1900 National League
AVE-.279
OBA-.321
SLG-.366
FPCT-.942
R/G-5.21

1901 American League
AVE-.277
OBA-.326
SLG-.371
FPCT-.938
R/G-5.35

1902 American League:
AVE-.275
OBA-.331
SLG-.369
FPCT-.949
R/G-4.89

1911 National League:
AVE-.260
OBA-.329
SLG-.358
FPCT-.958
R/G-4.42

*******

1928 NNL
AVE-.278
OBA-.333
SLG-.384
FPCT-.955
R/G-5.03

1901 American League
AVE-.277
OBA-.326
SLG-.371
FPCT-.938
R/G-5.35

1926 National League
AVE-.280
OBA-.335
SLG-.386
FPCT-.968
R/G-4.54

1927 National League
AVE-.282
OBA-.335
SLG-.386
FPCT-.968
R/G-4.58

1931 National League
AVE-.277
OBA-.331
SLG-.387
FPCT-.971
R/G-4.48

1936 National League
AVE-.278
OBA-.332
SLG-.386
FPCT-.969
R/G-4.71
   180. KJOK Posted: June 30, 2005 at 02:52 AM (#1440654)
Was trying to put together a spreadsheet of all the MLE's, and from what I can see, we are "missing" good MLE's for the following major players:

C - Ted Radcliffe
2B- Newt Allen, Sammy Hughes
SS- Dobie Moore, Pedro Cepeda
3B- Judy Johnson
LF- Turkey Stearns
RF- Chino Smith
P - Chet Brewer

If these are out there and I've just missed them, please let me know.
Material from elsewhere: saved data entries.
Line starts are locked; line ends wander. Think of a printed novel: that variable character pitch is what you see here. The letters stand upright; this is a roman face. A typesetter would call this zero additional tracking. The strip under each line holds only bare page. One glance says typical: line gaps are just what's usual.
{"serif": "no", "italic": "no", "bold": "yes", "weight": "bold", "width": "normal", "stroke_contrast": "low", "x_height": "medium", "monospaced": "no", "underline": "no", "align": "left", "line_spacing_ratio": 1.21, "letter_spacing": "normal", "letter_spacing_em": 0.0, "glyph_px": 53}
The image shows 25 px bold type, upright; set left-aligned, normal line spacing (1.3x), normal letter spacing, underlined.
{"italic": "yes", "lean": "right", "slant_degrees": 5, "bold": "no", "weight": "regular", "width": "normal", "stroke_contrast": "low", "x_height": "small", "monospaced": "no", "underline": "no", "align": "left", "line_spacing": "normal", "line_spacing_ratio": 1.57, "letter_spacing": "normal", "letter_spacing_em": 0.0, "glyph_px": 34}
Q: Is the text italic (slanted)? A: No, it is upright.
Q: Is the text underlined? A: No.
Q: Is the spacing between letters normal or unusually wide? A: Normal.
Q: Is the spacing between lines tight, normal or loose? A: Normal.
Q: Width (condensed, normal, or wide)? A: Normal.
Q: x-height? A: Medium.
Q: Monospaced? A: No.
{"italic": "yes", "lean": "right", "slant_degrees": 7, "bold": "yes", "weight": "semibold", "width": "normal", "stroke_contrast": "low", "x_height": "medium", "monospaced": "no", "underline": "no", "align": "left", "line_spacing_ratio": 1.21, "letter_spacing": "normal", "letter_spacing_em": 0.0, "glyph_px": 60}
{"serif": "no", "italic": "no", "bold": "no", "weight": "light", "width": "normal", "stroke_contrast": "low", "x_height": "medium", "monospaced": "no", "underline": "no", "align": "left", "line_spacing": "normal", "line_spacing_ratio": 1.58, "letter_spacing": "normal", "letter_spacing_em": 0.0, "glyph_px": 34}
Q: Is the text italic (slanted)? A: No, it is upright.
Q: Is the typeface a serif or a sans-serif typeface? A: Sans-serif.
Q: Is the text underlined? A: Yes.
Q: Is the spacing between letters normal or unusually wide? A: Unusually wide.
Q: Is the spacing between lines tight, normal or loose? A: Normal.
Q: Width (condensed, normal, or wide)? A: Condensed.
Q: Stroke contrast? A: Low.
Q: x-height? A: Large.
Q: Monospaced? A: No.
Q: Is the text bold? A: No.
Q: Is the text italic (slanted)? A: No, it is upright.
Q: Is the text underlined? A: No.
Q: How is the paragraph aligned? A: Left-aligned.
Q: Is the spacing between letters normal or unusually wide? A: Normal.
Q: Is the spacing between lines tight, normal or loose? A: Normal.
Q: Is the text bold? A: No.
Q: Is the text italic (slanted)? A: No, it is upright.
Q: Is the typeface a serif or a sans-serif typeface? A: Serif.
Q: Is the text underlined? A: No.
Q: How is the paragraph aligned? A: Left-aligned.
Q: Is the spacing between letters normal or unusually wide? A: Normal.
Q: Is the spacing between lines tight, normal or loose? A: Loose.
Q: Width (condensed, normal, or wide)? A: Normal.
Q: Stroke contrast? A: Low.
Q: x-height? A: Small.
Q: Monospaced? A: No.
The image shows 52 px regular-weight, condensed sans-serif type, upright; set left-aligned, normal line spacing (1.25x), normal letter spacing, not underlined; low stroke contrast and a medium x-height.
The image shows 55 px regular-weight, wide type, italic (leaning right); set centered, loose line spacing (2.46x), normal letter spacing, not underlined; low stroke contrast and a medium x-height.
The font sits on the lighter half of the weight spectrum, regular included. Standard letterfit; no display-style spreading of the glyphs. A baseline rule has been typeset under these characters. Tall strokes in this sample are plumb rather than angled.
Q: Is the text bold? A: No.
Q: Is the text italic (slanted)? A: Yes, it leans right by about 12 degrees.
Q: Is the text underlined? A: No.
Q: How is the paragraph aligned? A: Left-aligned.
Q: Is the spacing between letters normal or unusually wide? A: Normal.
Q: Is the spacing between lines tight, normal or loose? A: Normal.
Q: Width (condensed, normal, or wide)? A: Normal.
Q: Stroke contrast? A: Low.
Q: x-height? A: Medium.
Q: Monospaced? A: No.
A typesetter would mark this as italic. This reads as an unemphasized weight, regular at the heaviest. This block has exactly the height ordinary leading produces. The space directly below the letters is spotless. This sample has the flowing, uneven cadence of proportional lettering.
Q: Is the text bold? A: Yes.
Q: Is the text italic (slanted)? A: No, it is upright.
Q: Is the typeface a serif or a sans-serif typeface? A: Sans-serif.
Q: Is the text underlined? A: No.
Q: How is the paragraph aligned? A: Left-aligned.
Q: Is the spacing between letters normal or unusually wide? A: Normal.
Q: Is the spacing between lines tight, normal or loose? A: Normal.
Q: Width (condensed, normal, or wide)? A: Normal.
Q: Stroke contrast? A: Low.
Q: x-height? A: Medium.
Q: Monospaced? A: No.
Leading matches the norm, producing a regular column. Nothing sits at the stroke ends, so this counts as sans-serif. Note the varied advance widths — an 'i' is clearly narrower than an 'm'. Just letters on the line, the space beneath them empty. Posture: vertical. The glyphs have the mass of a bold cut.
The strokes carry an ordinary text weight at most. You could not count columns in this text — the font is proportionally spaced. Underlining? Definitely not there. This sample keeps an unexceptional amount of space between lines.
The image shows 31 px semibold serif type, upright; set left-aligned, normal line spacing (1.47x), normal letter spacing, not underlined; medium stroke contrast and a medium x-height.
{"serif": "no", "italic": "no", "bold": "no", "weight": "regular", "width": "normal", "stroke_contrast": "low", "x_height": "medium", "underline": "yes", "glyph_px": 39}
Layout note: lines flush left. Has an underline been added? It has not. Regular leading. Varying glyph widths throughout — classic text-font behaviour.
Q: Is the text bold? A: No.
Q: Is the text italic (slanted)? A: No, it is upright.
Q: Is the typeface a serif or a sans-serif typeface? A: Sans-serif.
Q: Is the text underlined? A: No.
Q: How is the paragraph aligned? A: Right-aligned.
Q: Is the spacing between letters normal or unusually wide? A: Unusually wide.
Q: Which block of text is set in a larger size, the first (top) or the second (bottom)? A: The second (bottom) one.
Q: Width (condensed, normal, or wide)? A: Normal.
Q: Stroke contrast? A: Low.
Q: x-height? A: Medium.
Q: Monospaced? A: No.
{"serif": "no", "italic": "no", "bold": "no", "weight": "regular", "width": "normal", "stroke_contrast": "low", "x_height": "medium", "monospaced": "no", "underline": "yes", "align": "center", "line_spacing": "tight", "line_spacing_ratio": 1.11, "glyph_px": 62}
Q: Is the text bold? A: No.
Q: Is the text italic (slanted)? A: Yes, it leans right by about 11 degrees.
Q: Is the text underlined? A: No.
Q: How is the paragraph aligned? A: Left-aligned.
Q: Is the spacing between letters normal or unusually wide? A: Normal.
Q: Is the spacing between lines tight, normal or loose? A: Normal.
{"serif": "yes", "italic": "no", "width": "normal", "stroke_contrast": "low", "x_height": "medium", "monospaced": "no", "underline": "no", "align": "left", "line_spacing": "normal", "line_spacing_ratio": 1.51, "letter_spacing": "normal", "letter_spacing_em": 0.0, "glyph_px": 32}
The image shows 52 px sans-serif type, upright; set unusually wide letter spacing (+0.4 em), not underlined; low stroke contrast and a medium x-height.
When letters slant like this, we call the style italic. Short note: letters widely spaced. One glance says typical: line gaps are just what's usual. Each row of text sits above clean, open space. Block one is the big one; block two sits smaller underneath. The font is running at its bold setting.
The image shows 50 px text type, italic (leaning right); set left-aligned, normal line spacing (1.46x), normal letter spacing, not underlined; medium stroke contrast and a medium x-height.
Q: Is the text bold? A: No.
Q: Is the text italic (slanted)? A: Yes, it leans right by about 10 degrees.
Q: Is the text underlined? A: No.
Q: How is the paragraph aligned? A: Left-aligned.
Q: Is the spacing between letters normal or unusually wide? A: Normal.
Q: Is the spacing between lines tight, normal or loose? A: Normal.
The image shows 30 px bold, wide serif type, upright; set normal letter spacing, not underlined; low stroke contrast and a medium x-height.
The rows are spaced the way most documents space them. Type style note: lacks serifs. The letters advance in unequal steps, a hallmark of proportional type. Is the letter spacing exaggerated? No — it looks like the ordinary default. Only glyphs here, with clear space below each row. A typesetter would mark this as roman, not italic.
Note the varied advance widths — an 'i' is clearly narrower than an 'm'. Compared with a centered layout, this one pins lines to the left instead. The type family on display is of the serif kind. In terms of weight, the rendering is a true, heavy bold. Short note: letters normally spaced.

Also, anyone interested in doing any of these? I think it helps with comparisons to have as many a possible...
   181. KJOK Posted: June 30, 2005 at 03:02 AM (#1440681)
Maybe more importantly, the guys about to come up who'll need MLE's:

Buck O'Neal
Willard Brown
Sam Jethroe
Luke Easter
Ray Dandridge
Bill Wright
Satchel Paige
   182. Jeff M Posted: July 03, 2005 at 02:51 PM (#1446645)
Stearnes is in, so I wouldn't worry about him, but I think Moore and Brewer are particularly important from the old list. Also, I would add Ted Strong and Joe Greene, since they did not even get separate threads.
   183. Gary A Posted: July 03, 2005 at 05:06 PM (#1446697)
I would add James "Bus" (or "Buster") Clarkson, another SS/3B who has been largely overlooked. He hit for power and walked a good deal, so he fits the profile of Negro Leaguers who have benefited from our analysis.
   184. Dr. Chaleeko Posted: July 05, 2005 at 01:28 PM (#1449694)
Since it's fast becoming an issue for us, I thought I'd take a look at the Mexican League in comparison to MLB over the period 1938-1970 to see what players who were in both could tell us about the quality of play South of the Border. I looked mostly at batting, but also took a curosry look at pitching.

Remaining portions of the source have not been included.